State Food and Drug Administration recently issued 104 medical device industry standards (including mandatory standards 31, recommended standard 73) and the "silicone rubber surgical implants General requirements" and two medical device industry standard amendments. Some analysts believe the move will accelerate the development of China's medical device industry, and to promote the medical device industry mergers and acquisitions of listed companies to improve their competitiveness.
This is the first time since the establishment of the promulgation of the General Administration of Medical Devices standards. Compared with the past, the first standard promulgated in this announcement bid to understand the basic standards applicable conditions and briefings, so that enrich the content of the announcement, to facilitate a more efficient control standard profiles and applications. This will not only improve the access threshold for the medical device industry, but also for centralized supervision of subsequent high-value consumables and other medical equipment, unified procurement foundation.
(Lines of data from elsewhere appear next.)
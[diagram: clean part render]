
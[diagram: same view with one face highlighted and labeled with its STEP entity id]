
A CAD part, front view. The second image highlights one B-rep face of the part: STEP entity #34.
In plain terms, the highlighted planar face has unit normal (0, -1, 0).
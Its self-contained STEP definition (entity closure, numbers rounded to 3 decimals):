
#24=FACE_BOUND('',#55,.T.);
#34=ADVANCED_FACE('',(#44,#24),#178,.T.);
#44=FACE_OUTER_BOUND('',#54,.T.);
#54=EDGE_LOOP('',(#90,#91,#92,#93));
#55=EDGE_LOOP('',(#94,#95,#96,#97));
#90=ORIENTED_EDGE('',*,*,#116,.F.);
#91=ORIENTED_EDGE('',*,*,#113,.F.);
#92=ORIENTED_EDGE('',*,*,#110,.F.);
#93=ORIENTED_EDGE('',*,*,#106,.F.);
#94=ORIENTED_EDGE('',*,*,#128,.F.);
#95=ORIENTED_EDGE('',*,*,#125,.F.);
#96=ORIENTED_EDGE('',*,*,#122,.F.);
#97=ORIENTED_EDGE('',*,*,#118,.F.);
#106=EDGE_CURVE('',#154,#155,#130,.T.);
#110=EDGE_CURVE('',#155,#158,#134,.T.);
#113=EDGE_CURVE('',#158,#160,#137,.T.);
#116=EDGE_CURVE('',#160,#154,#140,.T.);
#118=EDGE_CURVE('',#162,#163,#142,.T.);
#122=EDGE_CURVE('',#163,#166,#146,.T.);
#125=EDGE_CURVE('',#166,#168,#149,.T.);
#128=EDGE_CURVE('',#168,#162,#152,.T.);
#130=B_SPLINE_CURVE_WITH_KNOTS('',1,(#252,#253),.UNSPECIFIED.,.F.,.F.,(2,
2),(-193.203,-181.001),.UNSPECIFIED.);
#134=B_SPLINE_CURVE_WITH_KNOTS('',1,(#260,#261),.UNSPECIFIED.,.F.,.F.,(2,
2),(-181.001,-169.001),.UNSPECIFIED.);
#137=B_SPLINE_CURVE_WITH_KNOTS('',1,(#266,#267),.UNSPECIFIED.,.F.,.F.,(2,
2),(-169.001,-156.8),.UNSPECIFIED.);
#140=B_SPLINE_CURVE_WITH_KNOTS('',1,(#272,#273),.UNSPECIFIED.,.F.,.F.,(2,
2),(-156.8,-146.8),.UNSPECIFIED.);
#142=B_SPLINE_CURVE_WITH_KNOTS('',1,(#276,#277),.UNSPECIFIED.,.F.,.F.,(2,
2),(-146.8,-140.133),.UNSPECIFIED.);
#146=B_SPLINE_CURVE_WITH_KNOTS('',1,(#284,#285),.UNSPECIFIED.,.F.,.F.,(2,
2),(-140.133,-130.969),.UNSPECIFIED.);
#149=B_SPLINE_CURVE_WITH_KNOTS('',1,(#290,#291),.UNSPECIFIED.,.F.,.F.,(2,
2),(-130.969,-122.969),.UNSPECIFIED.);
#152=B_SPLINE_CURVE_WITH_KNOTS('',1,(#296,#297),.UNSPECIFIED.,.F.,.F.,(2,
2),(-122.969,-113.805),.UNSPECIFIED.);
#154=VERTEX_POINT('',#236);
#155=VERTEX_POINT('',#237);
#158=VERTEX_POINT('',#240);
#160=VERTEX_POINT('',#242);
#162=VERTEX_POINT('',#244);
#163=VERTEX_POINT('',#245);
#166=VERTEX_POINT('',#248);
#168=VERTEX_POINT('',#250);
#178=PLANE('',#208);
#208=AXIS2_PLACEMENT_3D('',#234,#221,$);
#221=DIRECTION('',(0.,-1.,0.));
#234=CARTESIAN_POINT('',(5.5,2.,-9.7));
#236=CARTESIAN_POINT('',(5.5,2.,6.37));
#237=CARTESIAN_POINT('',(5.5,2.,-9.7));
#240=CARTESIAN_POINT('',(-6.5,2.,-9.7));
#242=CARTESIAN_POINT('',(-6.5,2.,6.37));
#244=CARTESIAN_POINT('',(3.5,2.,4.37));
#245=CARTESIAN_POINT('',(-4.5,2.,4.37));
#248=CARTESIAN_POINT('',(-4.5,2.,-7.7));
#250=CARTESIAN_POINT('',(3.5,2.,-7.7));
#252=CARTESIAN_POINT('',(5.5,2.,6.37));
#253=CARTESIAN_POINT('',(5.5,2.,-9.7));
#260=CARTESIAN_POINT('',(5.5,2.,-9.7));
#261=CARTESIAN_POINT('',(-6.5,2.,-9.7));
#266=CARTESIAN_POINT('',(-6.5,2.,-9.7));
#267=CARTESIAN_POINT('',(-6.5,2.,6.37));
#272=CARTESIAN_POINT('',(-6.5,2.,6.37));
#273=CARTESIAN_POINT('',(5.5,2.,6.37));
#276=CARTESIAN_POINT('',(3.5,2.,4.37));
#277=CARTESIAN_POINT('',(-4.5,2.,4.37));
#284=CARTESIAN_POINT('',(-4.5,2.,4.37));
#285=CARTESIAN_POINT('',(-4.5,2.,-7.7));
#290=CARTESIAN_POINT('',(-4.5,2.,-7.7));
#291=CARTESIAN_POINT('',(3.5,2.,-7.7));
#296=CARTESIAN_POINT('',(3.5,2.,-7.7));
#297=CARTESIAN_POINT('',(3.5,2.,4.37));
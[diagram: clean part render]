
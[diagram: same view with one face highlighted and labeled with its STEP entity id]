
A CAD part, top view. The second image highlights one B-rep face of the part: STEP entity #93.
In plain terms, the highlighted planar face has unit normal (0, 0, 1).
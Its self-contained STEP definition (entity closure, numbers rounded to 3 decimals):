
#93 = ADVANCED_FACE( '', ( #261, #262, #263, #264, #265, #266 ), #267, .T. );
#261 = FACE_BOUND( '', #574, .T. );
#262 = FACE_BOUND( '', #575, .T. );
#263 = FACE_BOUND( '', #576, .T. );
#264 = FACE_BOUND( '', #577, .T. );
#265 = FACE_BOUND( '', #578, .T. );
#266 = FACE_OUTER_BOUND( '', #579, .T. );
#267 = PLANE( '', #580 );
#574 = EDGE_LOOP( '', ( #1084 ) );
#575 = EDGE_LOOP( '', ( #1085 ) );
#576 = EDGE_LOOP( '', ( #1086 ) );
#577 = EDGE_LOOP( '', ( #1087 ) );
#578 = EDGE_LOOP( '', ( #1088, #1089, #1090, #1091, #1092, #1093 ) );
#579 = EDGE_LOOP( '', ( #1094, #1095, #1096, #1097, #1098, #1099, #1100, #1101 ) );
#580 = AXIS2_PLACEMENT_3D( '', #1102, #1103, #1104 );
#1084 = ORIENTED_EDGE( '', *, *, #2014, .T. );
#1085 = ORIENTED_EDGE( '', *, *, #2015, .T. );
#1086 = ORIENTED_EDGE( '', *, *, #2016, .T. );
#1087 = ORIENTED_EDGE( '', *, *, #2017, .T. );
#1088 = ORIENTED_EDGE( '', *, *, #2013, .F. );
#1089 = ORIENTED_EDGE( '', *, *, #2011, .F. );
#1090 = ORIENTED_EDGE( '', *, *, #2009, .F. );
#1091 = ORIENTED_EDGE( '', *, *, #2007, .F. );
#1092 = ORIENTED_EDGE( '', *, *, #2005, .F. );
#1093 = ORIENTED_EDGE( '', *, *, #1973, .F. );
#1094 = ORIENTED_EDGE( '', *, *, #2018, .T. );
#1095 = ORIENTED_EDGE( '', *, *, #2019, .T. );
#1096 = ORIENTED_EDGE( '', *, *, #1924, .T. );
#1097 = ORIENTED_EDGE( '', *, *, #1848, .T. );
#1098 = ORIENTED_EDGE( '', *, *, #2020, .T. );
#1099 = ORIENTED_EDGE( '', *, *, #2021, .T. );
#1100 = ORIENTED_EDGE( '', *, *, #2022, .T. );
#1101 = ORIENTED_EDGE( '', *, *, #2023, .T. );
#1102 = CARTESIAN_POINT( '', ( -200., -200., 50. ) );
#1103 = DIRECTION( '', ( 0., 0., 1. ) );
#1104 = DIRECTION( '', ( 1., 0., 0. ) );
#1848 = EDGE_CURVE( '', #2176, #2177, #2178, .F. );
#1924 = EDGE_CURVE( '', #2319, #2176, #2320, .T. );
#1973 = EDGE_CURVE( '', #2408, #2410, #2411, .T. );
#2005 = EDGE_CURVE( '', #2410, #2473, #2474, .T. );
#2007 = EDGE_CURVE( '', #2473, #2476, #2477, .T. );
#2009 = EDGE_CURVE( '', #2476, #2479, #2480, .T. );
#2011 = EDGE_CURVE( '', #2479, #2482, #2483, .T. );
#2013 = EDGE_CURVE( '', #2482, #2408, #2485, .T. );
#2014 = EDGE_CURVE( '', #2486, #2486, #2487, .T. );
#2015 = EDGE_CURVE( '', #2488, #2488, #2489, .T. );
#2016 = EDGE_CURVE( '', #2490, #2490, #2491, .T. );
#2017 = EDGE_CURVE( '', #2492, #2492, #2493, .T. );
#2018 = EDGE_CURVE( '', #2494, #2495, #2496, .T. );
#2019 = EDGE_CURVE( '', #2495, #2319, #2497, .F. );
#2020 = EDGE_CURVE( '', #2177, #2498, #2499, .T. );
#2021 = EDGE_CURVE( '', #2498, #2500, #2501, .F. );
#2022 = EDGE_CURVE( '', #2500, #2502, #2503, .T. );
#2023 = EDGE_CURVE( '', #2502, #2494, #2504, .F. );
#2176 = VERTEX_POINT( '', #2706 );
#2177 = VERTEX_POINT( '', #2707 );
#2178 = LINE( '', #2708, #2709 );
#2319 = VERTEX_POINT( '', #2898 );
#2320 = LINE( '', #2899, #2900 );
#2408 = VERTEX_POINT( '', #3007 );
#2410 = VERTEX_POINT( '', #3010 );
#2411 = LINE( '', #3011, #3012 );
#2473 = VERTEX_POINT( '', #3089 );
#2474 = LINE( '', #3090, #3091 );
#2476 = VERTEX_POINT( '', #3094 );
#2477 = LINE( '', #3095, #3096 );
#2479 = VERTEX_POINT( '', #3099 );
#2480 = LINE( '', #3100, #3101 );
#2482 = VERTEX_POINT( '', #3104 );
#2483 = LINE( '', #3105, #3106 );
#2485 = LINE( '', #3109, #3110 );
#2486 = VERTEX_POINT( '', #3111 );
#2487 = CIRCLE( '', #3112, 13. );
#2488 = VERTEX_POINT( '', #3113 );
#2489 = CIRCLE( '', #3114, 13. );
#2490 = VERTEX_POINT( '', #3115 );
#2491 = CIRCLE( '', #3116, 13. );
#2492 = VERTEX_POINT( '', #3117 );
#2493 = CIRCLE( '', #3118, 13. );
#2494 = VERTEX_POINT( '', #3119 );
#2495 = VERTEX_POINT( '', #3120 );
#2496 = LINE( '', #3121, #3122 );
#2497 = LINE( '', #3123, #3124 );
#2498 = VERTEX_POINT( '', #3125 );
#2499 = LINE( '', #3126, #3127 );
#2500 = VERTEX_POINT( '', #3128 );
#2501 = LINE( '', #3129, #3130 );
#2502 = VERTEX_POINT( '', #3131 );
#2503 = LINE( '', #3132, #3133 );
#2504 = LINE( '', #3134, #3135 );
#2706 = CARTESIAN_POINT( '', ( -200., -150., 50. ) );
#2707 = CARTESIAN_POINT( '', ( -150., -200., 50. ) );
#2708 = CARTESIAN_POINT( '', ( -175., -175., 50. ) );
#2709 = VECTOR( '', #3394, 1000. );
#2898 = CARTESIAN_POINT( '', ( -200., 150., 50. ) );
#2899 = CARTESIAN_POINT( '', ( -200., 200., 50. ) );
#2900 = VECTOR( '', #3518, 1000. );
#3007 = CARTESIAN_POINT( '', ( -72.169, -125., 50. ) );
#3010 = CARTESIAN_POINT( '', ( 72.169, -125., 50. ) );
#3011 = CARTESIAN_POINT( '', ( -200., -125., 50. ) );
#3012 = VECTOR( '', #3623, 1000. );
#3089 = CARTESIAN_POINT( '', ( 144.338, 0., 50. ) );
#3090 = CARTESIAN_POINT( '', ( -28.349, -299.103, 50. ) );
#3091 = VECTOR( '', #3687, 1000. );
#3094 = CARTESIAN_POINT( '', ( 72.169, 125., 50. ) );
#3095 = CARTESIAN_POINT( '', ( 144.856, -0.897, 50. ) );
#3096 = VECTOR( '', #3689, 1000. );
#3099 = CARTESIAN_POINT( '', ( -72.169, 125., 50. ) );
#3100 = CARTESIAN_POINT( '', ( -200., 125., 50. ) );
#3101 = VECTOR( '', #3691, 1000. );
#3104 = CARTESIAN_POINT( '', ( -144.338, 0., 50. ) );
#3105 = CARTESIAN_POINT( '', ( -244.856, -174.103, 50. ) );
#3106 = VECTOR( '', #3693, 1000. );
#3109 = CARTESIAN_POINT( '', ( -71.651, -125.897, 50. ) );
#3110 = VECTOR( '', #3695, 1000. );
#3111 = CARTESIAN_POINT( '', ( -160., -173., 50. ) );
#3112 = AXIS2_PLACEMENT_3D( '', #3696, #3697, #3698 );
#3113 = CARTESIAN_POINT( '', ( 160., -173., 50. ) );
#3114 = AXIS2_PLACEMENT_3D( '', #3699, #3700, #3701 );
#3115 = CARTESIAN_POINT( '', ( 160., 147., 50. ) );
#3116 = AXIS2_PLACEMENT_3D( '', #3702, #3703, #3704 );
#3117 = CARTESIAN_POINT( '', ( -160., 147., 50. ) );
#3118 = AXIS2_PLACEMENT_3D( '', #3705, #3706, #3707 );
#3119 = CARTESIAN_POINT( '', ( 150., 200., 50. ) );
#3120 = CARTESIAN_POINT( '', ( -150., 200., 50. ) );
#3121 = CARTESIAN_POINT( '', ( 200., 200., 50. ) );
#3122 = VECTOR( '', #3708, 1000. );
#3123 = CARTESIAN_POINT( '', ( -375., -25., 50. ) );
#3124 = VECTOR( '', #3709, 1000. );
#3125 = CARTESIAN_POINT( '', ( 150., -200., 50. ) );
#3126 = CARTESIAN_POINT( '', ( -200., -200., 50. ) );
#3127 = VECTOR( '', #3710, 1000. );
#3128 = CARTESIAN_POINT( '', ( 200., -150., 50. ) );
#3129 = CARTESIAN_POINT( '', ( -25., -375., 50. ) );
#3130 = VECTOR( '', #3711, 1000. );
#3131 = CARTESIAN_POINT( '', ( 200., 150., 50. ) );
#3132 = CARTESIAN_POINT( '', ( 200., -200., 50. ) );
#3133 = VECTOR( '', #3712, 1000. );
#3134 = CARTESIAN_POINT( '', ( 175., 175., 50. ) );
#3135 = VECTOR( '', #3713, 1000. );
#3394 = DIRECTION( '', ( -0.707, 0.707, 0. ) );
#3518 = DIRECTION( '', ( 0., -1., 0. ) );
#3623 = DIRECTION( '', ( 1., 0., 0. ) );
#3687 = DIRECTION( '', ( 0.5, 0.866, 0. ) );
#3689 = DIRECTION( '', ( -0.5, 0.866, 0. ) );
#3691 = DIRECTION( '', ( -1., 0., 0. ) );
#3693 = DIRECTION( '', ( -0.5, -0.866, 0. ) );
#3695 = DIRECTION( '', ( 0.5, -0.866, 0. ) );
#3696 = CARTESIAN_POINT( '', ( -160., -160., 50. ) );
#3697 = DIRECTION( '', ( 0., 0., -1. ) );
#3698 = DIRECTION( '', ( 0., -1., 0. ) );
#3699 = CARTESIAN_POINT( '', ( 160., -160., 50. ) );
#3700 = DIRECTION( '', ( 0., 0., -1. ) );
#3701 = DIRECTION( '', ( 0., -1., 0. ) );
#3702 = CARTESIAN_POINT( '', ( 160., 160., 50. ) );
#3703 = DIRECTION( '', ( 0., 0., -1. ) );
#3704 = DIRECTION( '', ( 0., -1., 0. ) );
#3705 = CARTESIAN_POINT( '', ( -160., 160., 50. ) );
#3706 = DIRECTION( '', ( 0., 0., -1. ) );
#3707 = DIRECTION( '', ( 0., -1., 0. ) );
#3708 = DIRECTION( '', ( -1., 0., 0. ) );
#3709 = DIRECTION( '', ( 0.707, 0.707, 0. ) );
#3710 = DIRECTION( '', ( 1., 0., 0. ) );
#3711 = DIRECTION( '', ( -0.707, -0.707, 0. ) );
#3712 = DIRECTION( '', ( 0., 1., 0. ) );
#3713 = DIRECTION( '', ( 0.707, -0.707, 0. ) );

Strategic emerging industries of medical devices industry is supported by the state, but also various types of industrial funds focus areas. Use of drugs and medical devices in developed countries the ratio is close to 1: 1, while the domestic is a far cry. Medium and long term, with the upgrading of residents consumption level and state of health to encourage social capital to do medical policies floor, as well as the needs of the majority of residents in various medical institutions for medical devices will gradually be released, the medical device industry, there is a great improvement space.
According to reports, the current development of China's medical device industry is still small scattered state, high-end medical equipment market has long been Johnson & Johnson, Medtronic, GE, Philips and other international medical equipment giants occupy a larger product import substitution market space.